The subnormal depth (also sometimes called the defect or subnormal defect) of a subnormal subgroup $H$ in a group $G$ is defined in the following equivalent ways:

• It is the smallest $n$ for which there exists an ascending chain of subgroups $H = H_0 \le H_1 \le H_2 \le \dots \le H_n = G$ where each $H_i$ is normal in $H_{i+1}$.
• Consider the sequence $G_0 = G$, $G_i$ is the normal closure of $H$ in $G_{i-1}$. The subnormal depth is the smallest $n$ for which $G_n = H$.
• Consider the sequence $K_i$ where $K_0 = G$ and $K_{i+1} = [H,K_i]$. The subnormal depth is the smallest $n$ for which $K_n \le H$.

We typically say that a subgroup has subnormal depth $k$ if its subnormal depth is less than or equal to $k$. A subgroup of subnormal depth (less than or equal to) $k$ is termed a $k$-subnormal subgroup.

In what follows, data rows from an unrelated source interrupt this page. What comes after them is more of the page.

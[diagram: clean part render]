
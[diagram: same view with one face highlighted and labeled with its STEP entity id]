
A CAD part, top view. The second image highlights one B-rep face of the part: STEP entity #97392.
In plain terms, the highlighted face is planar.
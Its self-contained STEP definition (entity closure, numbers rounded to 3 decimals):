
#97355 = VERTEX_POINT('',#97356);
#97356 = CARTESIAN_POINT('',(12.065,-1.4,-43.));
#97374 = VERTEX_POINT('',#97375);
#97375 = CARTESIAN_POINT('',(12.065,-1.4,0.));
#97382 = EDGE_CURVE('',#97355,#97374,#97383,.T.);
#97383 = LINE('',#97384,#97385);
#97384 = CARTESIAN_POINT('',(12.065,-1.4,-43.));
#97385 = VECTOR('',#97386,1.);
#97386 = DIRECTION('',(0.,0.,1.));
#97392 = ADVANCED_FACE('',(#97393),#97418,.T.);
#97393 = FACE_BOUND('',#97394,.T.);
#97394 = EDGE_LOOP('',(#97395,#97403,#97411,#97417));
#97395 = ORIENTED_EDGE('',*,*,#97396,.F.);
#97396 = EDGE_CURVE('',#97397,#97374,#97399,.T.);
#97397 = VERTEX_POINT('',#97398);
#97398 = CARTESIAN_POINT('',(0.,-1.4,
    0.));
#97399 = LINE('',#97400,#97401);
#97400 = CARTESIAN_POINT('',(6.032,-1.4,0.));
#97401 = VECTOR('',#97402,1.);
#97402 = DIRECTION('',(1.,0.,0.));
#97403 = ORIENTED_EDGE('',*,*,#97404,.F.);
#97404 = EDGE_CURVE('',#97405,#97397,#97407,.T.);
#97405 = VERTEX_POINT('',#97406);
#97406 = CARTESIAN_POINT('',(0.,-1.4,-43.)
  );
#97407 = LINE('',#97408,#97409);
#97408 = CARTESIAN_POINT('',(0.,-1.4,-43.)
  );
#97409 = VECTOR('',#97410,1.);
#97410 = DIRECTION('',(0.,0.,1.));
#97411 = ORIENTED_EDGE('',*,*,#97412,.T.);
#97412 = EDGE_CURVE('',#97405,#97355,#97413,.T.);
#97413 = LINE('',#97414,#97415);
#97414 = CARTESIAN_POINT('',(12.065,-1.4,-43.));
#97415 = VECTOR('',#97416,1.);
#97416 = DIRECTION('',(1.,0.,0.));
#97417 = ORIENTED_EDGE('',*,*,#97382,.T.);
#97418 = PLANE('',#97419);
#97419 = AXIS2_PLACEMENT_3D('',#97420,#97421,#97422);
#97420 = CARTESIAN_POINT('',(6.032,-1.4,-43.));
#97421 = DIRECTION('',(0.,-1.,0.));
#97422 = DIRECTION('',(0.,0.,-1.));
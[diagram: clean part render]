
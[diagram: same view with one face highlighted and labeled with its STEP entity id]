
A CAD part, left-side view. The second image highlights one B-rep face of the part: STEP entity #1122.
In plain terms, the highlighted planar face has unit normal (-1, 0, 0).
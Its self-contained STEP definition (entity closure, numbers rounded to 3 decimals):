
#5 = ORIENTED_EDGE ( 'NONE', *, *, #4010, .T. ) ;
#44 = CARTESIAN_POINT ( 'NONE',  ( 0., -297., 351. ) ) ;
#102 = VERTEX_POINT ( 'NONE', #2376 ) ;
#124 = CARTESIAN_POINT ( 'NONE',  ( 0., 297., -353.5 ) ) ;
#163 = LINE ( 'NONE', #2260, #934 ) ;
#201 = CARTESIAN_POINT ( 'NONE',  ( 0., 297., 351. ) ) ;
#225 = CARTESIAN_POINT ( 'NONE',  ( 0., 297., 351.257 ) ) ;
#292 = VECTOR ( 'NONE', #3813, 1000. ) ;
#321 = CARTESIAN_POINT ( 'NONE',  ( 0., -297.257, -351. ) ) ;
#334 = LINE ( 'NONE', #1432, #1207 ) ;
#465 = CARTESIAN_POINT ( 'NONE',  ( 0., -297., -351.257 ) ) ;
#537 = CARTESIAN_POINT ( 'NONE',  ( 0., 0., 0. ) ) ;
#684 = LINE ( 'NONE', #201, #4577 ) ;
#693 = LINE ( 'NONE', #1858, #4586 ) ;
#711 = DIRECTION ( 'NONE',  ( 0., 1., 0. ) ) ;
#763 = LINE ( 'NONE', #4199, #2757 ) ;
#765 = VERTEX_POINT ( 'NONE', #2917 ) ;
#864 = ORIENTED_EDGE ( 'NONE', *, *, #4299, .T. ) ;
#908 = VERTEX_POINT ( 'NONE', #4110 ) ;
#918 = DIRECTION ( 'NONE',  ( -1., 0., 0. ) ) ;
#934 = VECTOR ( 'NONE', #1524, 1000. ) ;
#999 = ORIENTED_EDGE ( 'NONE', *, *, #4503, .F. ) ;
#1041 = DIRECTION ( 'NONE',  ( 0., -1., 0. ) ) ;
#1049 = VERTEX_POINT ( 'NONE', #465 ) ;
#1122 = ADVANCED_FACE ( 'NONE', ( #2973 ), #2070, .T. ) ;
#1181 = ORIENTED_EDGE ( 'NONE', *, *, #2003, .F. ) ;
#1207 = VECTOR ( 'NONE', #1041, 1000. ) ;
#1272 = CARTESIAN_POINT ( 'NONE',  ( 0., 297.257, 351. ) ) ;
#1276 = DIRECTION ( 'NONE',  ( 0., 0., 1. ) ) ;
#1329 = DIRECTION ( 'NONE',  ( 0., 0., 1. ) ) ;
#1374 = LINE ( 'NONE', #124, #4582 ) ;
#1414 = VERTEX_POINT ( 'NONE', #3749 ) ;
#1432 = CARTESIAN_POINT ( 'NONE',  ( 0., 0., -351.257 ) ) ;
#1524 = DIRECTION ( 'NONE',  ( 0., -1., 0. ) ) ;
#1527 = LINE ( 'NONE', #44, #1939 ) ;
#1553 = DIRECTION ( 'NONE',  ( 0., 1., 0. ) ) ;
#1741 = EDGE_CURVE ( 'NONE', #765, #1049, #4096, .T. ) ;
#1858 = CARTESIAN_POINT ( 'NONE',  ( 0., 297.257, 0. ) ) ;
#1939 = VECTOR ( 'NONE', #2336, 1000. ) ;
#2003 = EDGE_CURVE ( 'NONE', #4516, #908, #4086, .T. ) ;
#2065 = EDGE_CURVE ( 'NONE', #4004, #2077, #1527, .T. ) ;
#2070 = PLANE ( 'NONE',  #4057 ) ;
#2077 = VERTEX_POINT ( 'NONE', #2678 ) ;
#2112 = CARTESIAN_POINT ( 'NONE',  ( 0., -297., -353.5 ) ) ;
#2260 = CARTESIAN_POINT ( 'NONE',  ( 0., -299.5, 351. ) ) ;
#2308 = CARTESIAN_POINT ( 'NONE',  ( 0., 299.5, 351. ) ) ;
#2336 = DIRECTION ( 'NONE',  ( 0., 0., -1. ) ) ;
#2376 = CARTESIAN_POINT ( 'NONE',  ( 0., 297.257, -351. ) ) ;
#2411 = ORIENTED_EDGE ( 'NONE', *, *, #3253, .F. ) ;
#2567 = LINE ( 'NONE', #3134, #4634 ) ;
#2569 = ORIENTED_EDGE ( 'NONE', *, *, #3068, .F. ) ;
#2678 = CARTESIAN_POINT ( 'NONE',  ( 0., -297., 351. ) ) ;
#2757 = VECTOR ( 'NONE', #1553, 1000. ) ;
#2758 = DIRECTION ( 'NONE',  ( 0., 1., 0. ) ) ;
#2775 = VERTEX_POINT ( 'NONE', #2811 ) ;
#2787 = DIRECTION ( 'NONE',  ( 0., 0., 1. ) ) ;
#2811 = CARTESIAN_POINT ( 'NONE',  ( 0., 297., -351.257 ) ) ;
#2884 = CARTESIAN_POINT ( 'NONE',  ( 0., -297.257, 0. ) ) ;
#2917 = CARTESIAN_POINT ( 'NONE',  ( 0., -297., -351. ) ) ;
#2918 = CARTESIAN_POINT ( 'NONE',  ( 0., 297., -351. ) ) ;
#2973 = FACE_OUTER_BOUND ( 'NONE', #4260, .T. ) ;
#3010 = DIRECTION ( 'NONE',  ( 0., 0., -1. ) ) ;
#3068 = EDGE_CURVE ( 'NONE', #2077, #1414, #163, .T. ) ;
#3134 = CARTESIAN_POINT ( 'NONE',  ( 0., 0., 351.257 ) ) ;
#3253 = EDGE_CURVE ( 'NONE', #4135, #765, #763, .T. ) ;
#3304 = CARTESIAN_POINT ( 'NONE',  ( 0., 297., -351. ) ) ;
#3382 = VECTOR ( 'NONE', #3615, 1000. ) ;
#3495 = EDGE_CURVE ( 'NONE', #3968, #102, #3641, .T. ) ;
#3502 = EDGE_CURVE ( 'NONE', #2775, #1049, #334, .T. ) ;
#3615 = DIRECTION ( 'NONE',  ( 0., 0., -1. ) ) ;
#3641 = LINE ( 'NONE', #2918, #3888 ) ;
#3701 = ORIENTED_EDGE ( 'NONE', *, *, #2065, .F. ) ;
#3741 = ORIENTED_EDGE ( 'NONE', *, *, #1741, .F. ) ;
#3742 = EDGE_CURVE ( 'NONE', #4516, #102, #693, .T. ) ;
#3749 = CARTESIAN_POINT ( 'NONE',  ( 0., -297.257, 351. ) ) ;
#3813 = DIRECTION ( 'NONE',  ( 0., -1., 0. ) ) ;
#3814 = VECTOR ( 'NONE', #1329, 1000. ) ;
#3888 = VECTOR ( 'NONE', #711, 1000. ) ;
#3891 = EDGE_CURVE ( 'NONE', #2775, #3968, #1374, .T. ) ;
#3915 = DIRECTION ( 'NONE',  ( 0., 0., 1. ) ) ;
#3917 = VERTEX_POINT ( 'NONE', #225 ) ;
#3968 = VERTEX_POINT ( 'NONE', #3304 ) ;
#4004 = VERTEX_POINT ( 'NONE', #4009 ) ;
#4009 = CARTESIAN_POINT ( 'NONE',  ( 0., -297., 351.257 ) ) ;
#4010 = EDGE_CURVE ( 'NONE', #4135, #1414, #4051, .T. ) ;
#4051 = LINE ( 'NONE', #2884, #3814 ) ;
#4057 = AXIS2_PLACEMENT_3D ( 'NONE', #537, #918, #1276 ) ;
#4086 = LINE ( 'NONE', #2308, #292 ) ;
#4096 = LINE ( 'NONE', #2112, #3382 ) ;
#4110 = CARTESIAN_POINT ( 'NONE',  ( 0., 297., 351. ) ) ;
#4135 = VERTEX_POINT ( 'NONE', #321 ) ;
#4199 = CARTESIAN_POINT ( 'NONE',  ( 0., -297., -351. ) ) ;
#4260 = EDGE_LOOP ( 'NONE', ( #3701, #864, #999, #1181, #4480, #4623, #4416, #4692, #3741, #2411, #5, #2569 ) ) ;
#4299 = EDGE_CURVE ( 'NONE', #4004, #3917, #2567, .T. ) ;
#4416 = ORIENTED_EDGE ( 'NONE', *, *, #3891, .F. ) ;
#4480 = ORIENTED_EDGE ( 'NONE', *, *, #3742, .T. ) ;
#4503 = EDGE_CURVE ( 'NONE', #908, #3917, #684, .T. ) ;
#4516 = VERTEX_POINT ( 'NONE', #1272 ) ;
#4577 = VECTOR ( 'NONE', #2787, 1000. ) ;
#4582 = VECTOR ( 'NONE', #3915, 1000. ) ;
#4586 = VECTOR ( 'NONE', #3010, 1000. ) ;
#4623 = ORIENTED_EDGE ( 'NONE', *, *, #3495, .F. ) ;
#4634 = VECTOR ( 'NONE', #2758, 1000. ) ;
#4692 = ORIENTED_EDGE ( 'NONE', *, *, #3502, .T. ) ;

### Equivalence of definitions

Further information: Equivalence of definitions of subnormal subgroup

## Particular cases

• A subgroup has subnormal depth $0$ if and only if it is the whole group.
• A subgroup has subnormal depth (less than or equal to) $1$ if and only if it is a normal subgroup.
• A subgroup has subnormal depth (less than or equal to) $2$ if and only if it is a 2-subnormal subgroup.
• A subgroup has subnormal depth (less than or equal to) $3$ if and only if it is a 3-subnormal subgroup.
• A subgroup has subnormal depth (less than or equal to) $4$ if and only if it is a 4-subnormal subgroup.